Godspeed to Her

In a situation like this, I have to keep telling myself that I braced for the inevitable. I have to tell myself that, although artificially prepared, there were two ways that things could have unfolded. One of these paths was a fantasy, complete with scenarios manifested by idealistic dreams of interaction between another human being and myself, so harmonious that the melding of two individuals would have been a thing of organic beauty, and a treasure admired by others around us. A path of giggles and laughs, feelings of love and lust, and the actual practice of much pondered best case scenarios that have been adopted and shaped by the forces of past experiences of life. A warm bed on a cold morning that is so picturesque and comfortable, leaving it would be an atrocity to ones desires. The benchmark of perfection produced by an idealistic situation.

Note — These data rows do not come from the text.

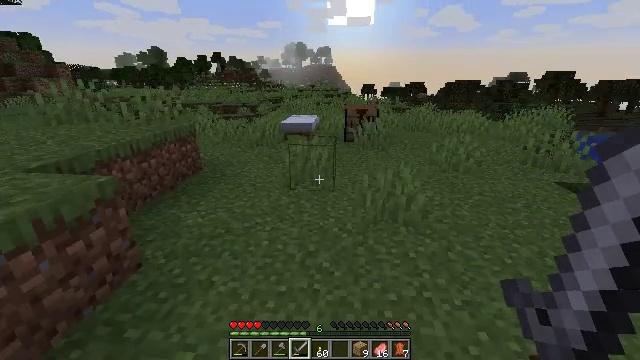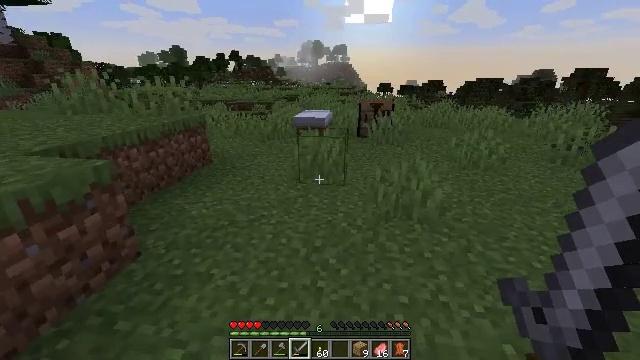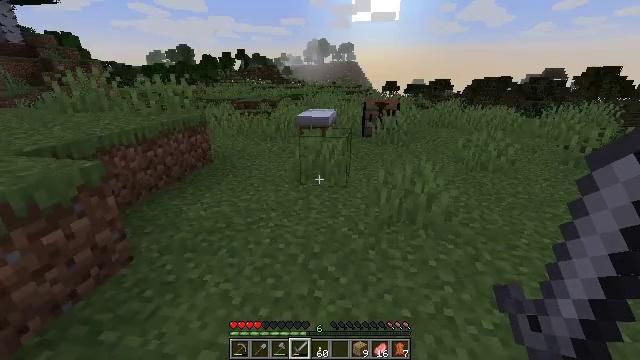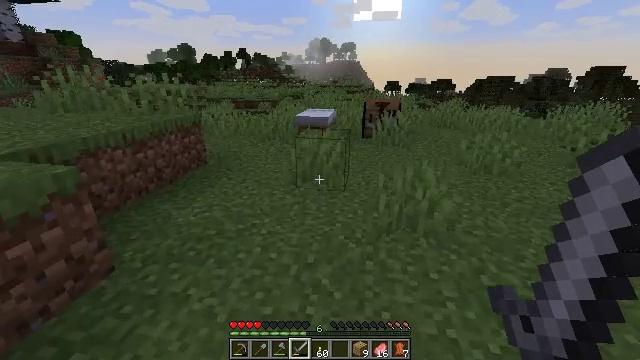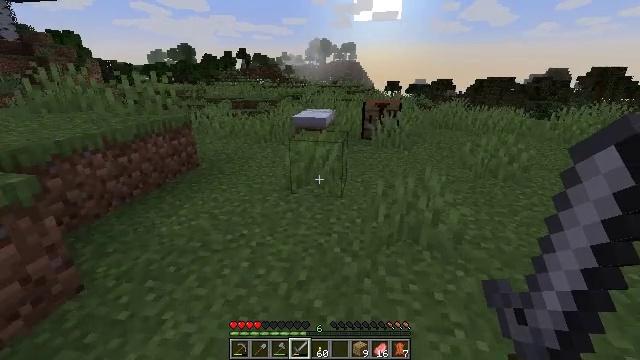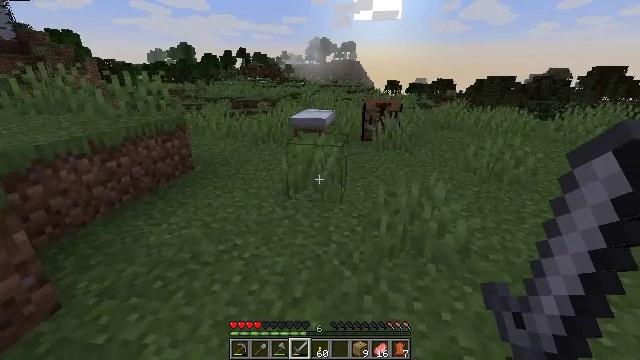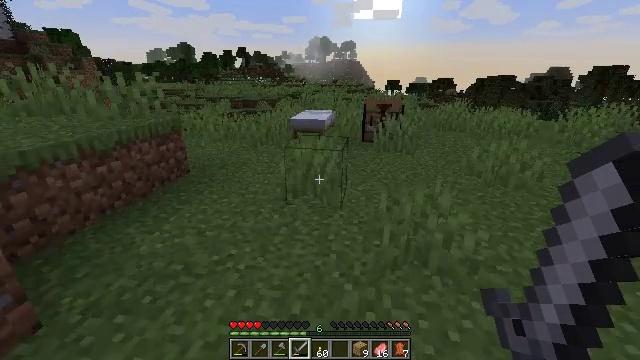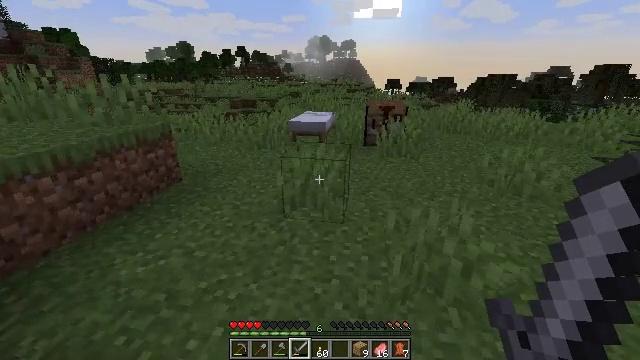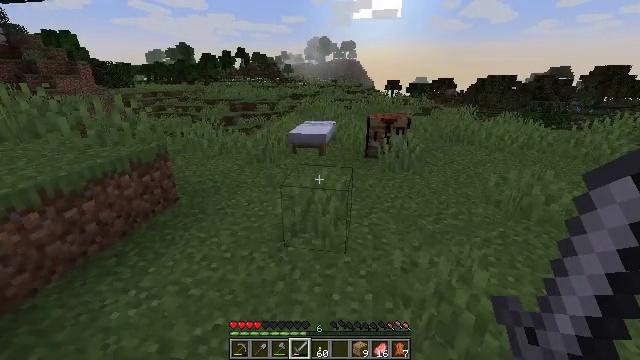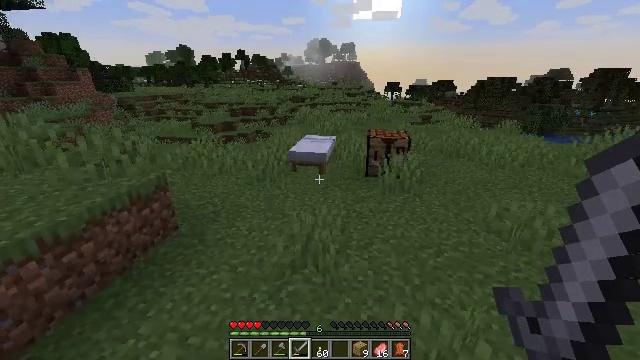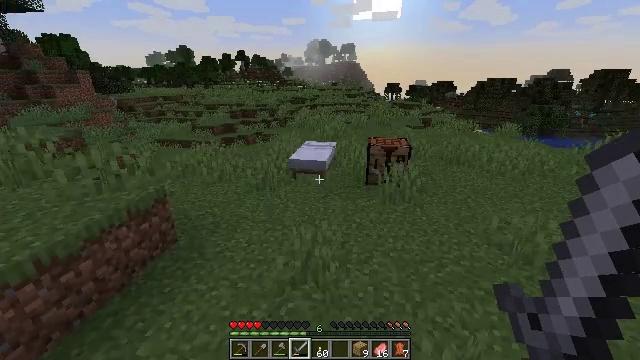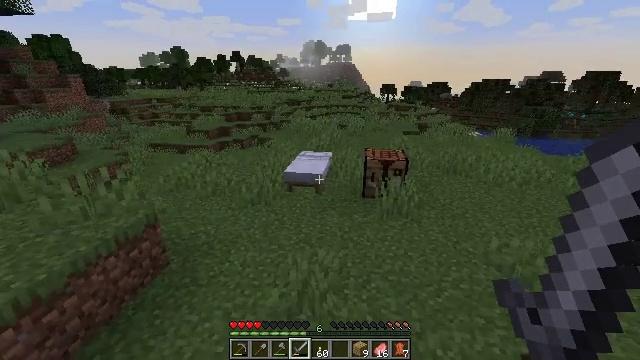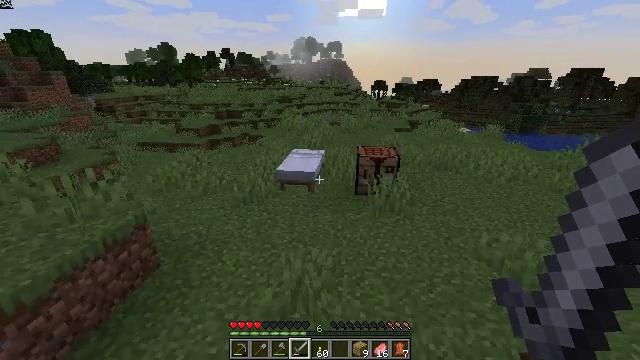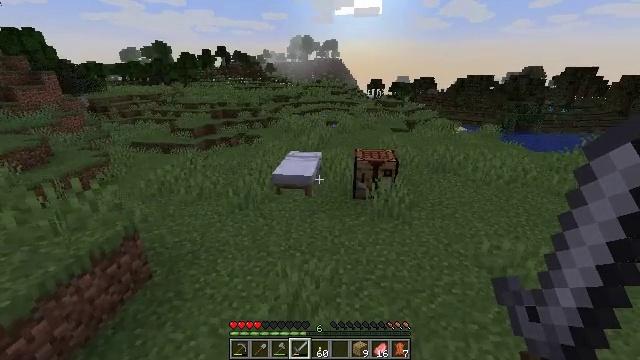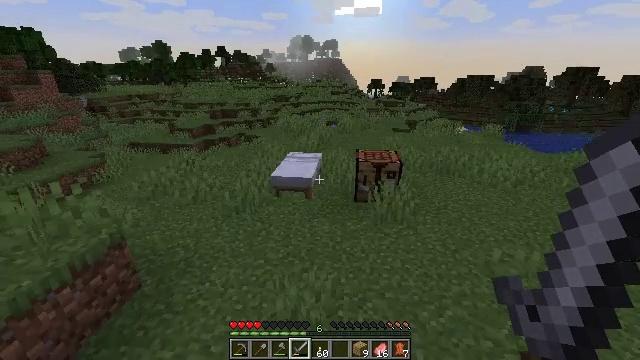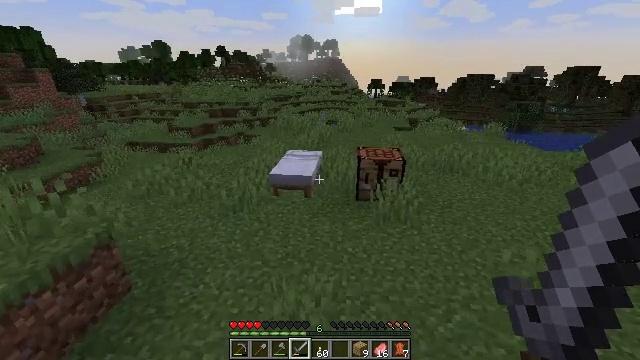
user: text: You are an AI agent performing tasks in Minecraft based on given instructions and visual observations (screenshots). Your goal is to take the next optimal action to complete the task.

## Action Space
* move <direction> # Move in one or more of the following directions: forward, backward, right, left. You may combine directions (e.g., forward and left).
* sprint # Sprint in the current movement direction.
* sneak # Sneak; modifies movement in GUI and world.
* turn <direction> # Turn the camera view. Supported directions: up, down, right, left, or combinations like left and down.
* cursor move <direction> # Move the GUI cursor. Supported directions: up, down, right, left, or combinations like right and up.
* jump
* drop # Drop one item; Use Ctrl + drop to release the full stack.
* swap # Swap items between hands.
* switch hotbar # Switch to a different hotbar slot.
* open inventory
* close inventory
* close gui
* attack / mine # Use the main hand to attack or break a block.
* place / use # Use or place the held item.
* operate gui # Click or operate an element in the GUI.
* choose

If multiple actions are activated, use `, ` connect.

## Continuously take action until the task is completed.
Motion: motion action
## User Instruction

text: Break the white bed to relocate it.
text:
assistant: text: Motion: move forward, turn left
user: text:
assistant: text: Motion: move forward, turn left
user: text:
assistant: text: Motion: move forward
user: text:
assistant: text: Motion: move forward
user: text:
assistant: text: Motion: move forward
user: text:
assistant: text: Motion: move forward
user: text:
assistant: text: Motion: move forward
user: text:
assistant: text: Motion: move forward, jump
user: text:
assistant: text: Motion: move forward, jump
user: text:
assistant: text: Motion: move forward, jump
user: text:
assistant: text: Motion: move forward, jump
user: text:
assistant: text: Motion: move forward, turn right
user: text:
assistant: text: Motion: move forward
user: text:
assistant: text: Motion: move forward
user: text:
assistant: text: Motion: move forward
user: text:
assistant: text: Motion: move forward
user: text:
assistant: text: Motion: move forward
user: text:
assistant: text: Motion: move forward
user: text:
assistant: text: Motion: move forward
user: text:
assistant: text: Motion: move forward, turn left
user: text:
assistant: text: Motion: move forward
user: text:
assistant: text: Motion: move forward
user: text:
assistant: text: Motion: move forward
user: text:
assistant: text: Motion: move forward, turn left
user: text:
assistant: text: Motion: move forward
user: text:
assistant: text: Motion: move forward
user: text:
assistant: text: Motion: move forward, attack / mine
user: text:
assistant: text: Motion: move forward, attack / mine
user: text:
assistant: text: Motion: move forward, attack / mine
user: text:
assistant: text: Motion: move forward, turn left and down, attack / mine
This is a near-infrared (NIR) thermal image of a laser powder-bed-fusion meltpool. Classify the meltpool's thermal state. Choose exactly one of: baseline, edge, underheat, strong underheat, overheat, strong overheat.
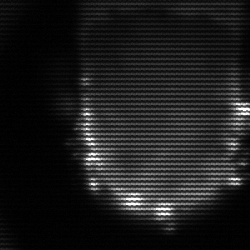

Of course, there is always an equally opposing path. One that is filled with selfish reflection of wrongdoing. One that is filled with the frustration of hypothetically allowing myself, once again, to sit too close to the fire while I was in a tired eye, euphoric state, that posed the very real possibility of being briskly swept away into a much needed deeply sweet sleep, leading to the accidental burns of a careless man. One that demands a play by play recap of events, in an effort to recognize these signs in case the situation ever presents itself again. After all, the definition of insanity is to repeatedly attempt the same behavior while expecting a different result.

I regret nothing, as this is how I choose to live life. I put myself into positions that will allow me to feel the relief of mist on overheated, irritated skin. Once again, without the bitter...

I cant help but wonder though. When will it be my time for some sweet?

You shall be missed as the burns heal, but your smile will replay in my mind always, and your beauty, both inner and exterior, will never be forgotten.